§ **EXERCISE**:
Leaving the pictures out, transcribe the records below exactly.

(Beginning of RECORD EXTRACTS)

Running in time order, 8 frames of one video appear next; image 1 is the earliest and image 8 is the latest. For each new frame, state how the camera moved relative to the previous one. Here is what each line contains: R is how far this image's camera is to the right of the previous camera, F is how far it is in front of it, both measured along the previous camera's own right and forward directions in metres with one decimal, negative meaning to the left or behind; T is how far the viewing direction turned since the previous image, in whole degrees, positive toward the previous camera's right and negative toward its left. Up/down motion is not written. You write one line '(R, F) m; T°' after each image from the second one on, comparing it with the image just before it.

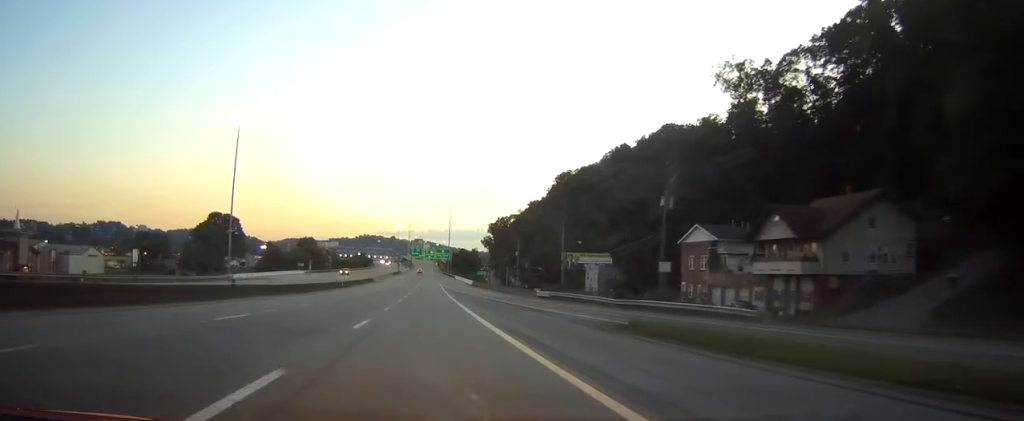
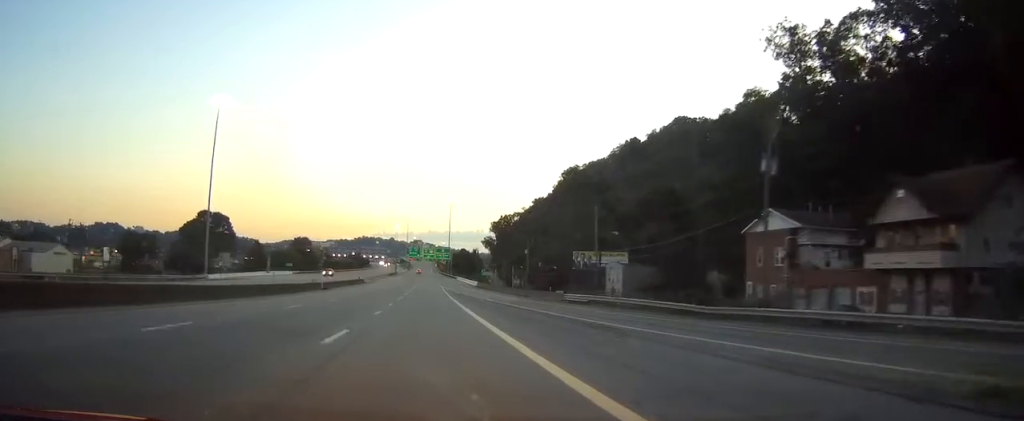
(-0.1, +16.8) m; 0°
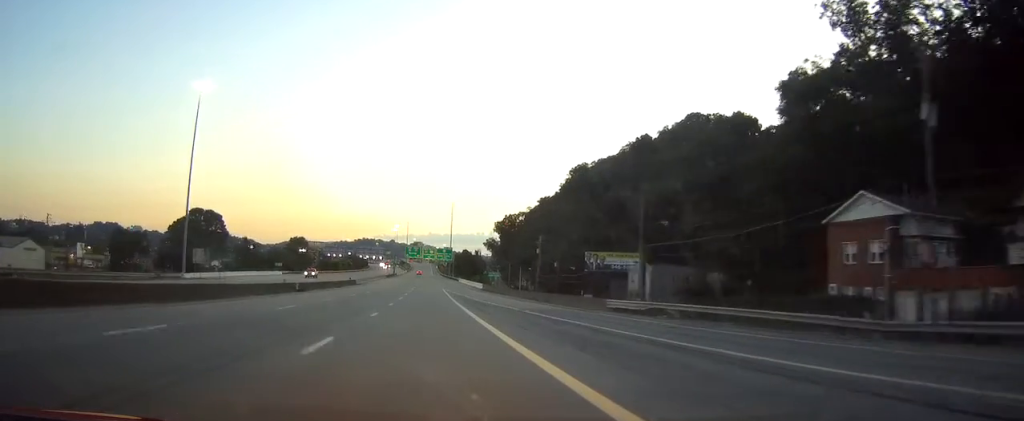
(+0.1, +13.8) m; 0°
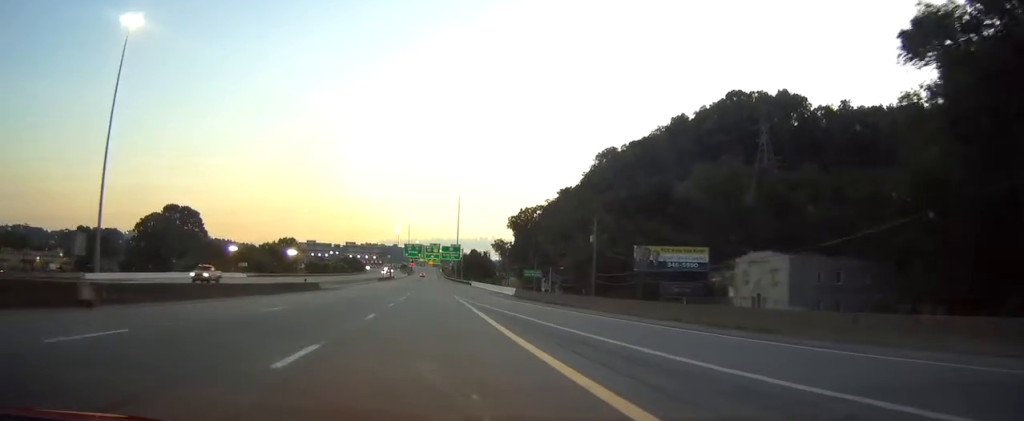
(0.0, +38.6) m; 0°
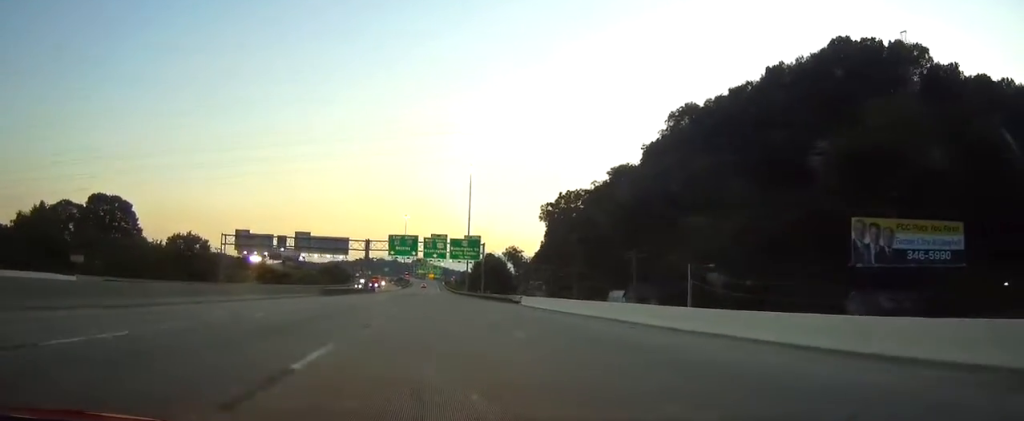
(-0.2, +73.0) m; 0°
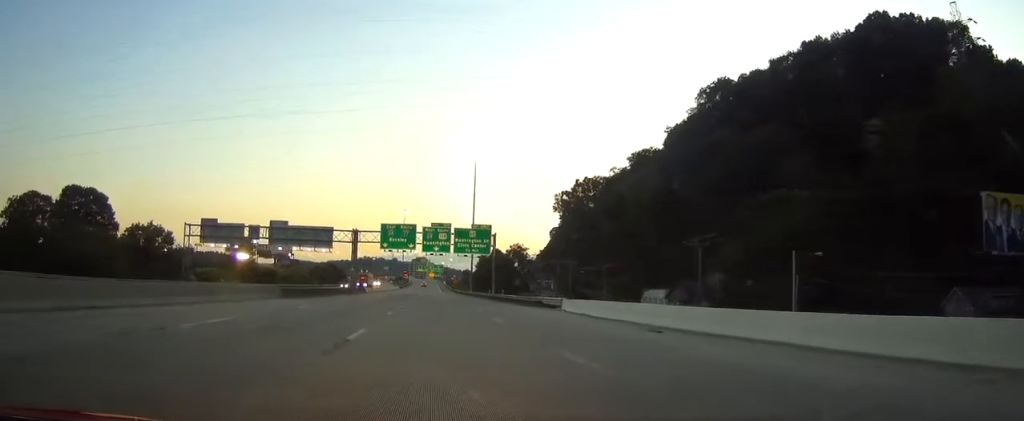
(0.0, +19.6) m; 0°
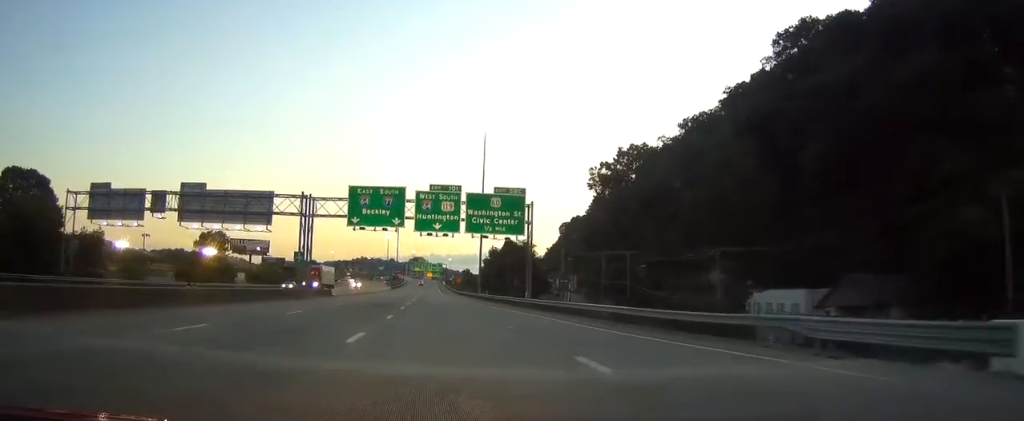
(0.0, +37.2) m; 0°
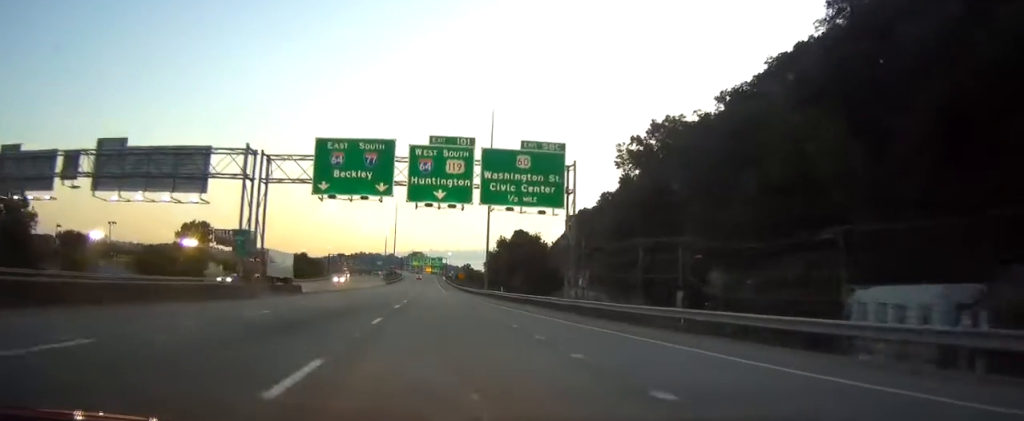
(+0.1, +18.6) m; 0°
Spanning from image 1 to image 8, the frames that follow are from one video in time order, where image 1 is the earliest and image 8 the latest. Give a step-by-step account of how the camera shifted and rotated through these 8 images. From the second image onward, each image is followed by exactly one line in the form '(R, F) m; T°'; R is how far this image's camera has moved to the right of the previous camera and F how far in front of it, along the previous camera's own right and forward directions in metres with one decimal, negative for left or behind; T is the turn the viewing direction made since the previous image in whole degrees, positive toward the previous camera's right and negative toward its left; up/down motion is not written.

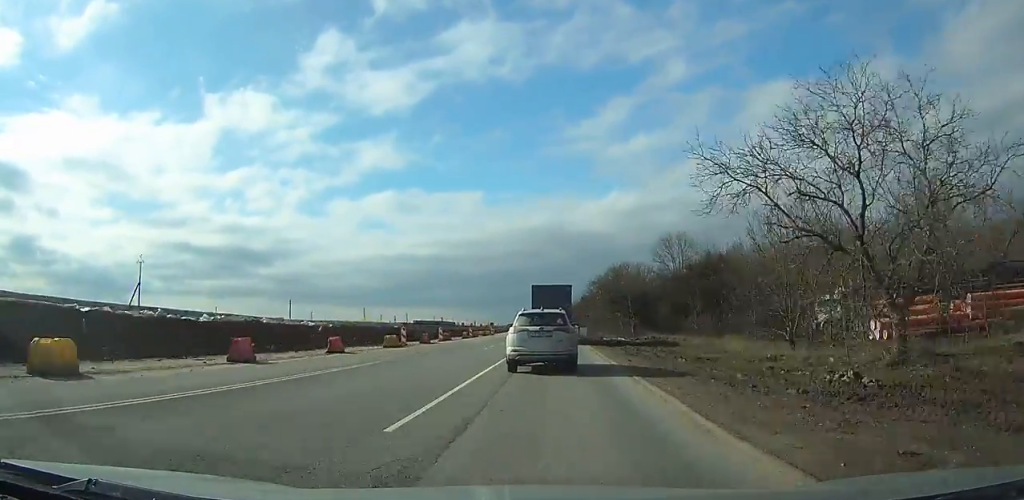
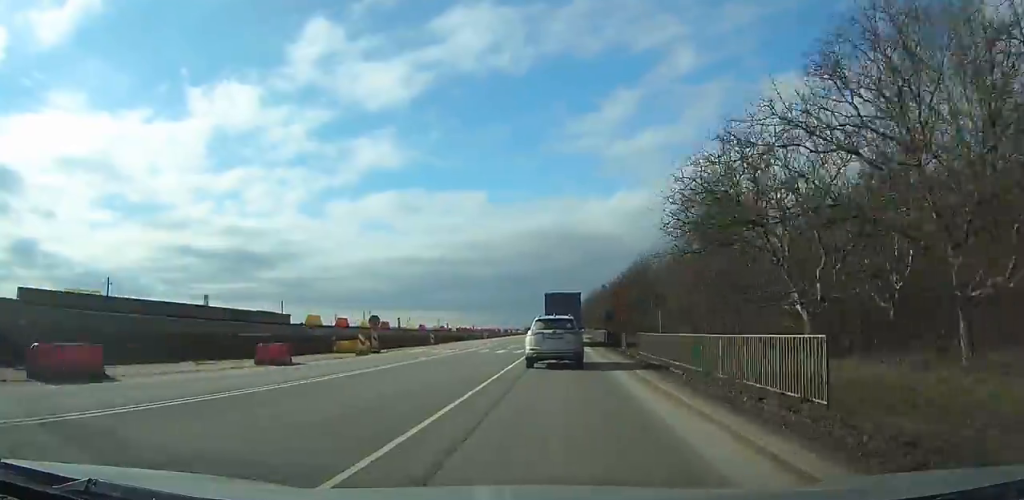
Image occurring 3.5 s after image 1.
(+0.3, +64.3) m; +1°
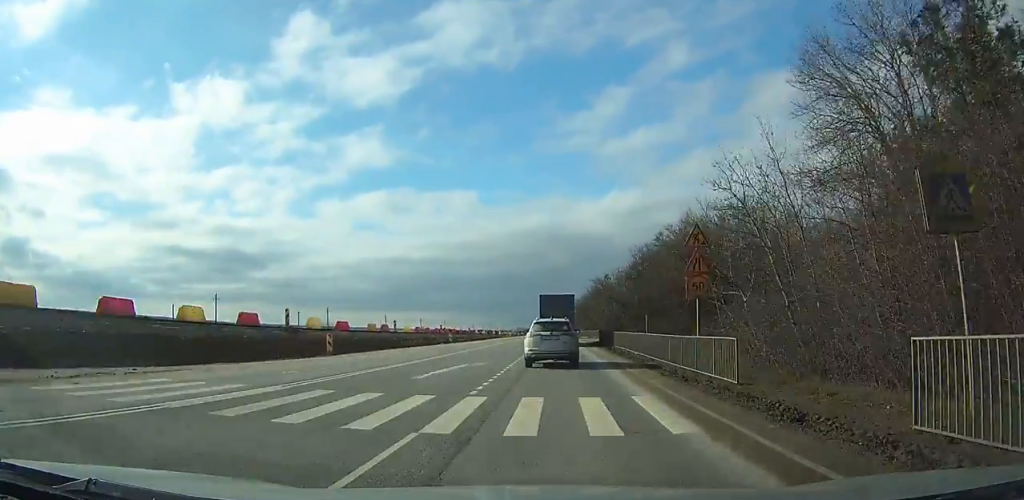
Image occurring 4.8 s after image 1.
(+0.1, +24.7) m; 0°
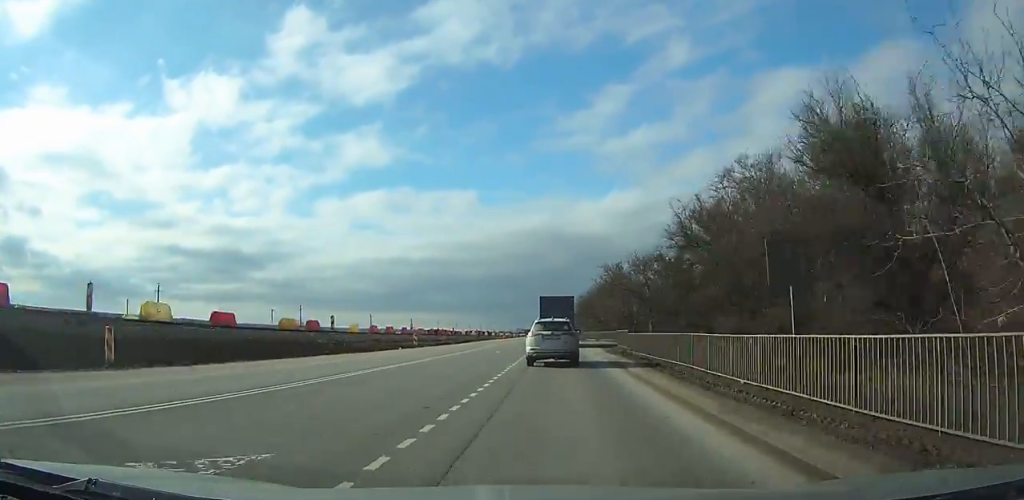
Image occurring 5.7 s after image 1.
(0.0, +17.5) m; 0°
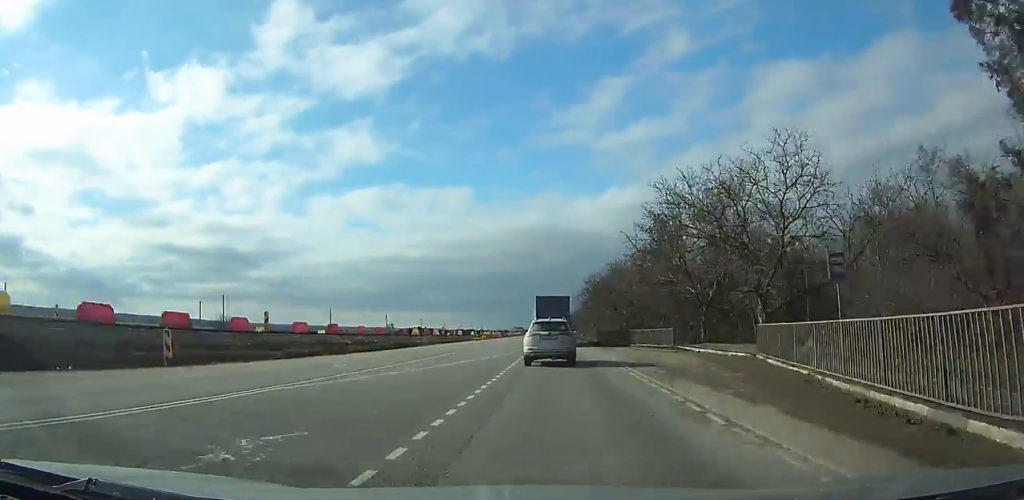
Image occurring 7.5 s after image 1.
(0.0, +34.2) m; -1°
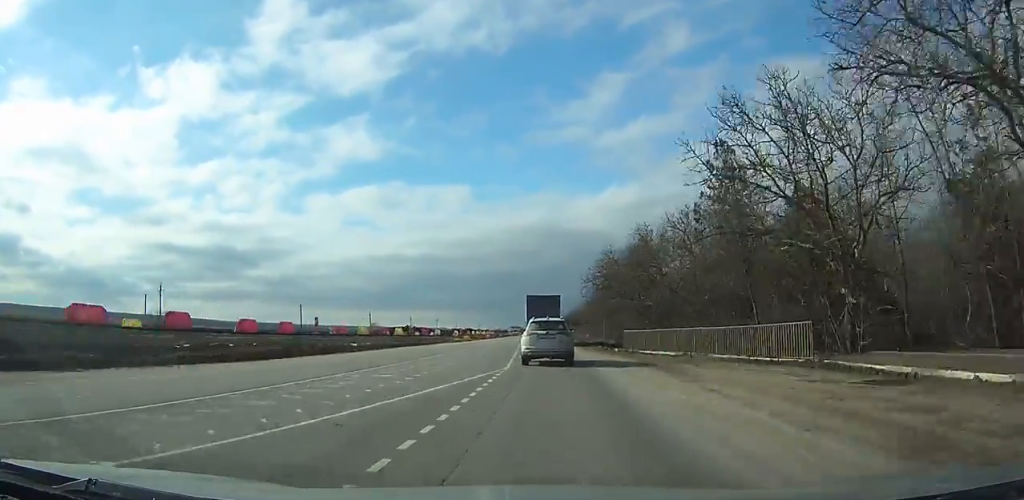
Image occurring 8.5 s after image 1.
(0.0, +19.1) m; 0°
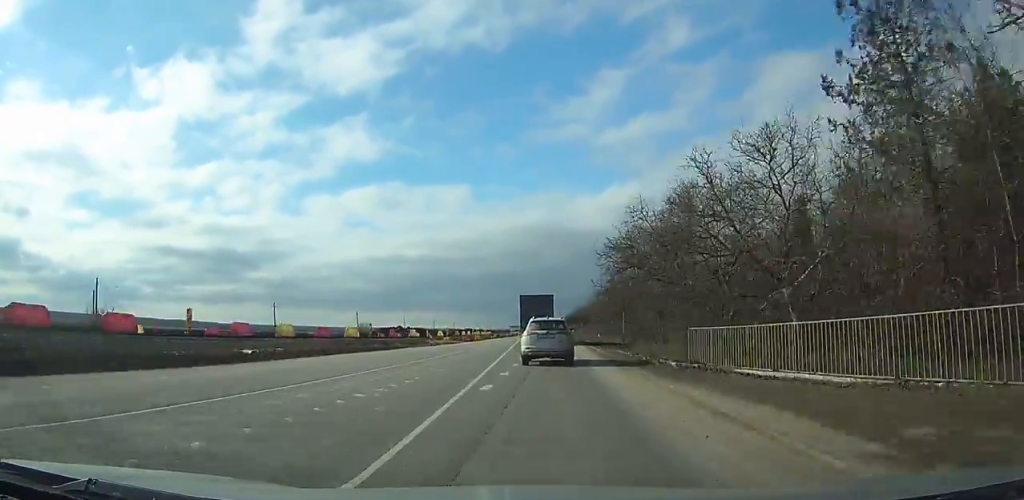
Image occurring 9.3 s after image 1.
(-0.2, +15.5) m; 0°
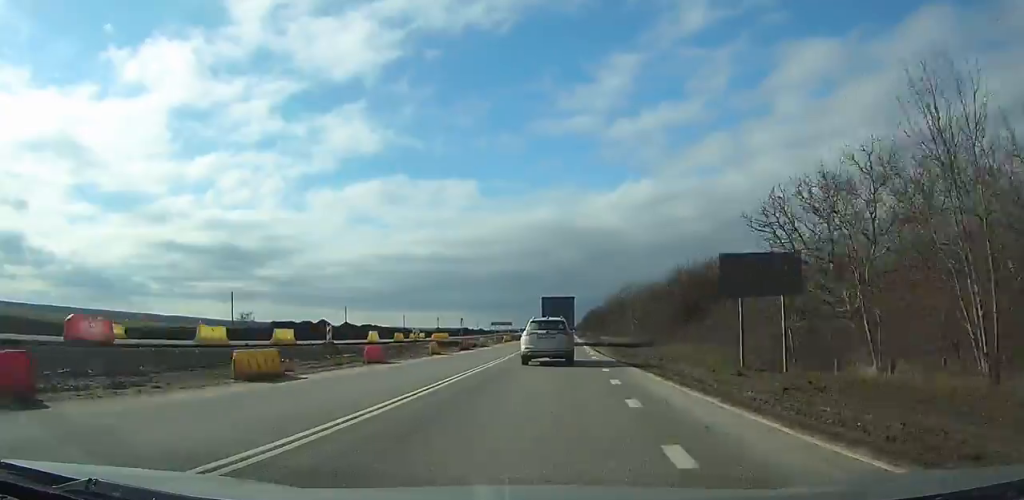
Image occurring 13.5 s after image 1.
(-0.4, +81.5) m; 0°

(End of RECORD EXTRACTS)

§ **WORKED SOLUTION**:
Running in time order, 8 frames of one video appear next; image 1 is the earliest and image 8 is the latest. For each new frame, state how the camera moved relative to the previous one. Here is what each line contains: R is how far this image's camera is to the right of the previous camera, F is how far it is in front of it, both measured along the previous camera's own right and forward directions in metres with one decimal, negative meaning to the left or behind; T is how far the viewing direction turned since the previous image, in whole degrees, positive toward the previous camera's right and negative toward its left. Up/down motion is not written. You write one line '(R, F) m; T°' after each image from the second one on, comparing it with the image just before it.

(-0.1, +16.8) m; 0°
(+0.1, +13.8) m; 0°
(0.0, +38.6) m; 0°
(-0.2, +73.0) m; 0°
(0.0, +19.6) m; 0°
(0.0, +37.2) m; 0°
(+0.1, +18.6) m; 0°
Spanning from image 1 to image 8, the frames that follow are from one video in time order, where image 1 is the earliest and image 8 the latest. Give a step-by-step account of how the camera shifted and rotated through these 8 images. From the second image onward, each image is followed by exactly one line in the form '(R, F) m; T°'; R is how far this image's camera has moved to the right of the previous camera and F how far in front of it, along the previous camera's own right and forward directions in metres with one decimal, negative for left or behind; T is the turn the viewing direction made since the previous image in whole degrees, positive toward the previous camera's right and negative toward its left; up/down motion is not written.

Image occurring 3.5 s after image 1.
(+0.3, +64.3) m; +1°
Image occurring 4.8 s after image 1.
(+0.1, +24.7) m; 0°
Image occurring 5.7 s after image 1.
(0.0, +17.5) m; 0°
Image occurring 7.5 s after image 1.
(0.0, +34.2) m; -1°
Image occurring 8.5 s after image 1.
(0.0, +19.1) m; 0°
Image occurring 9.3 s after image 1.
(-0.2, +15.5) m; 0°
Image occurring 13.5 s after image 1.
(-0.4, +81.5) m; 0°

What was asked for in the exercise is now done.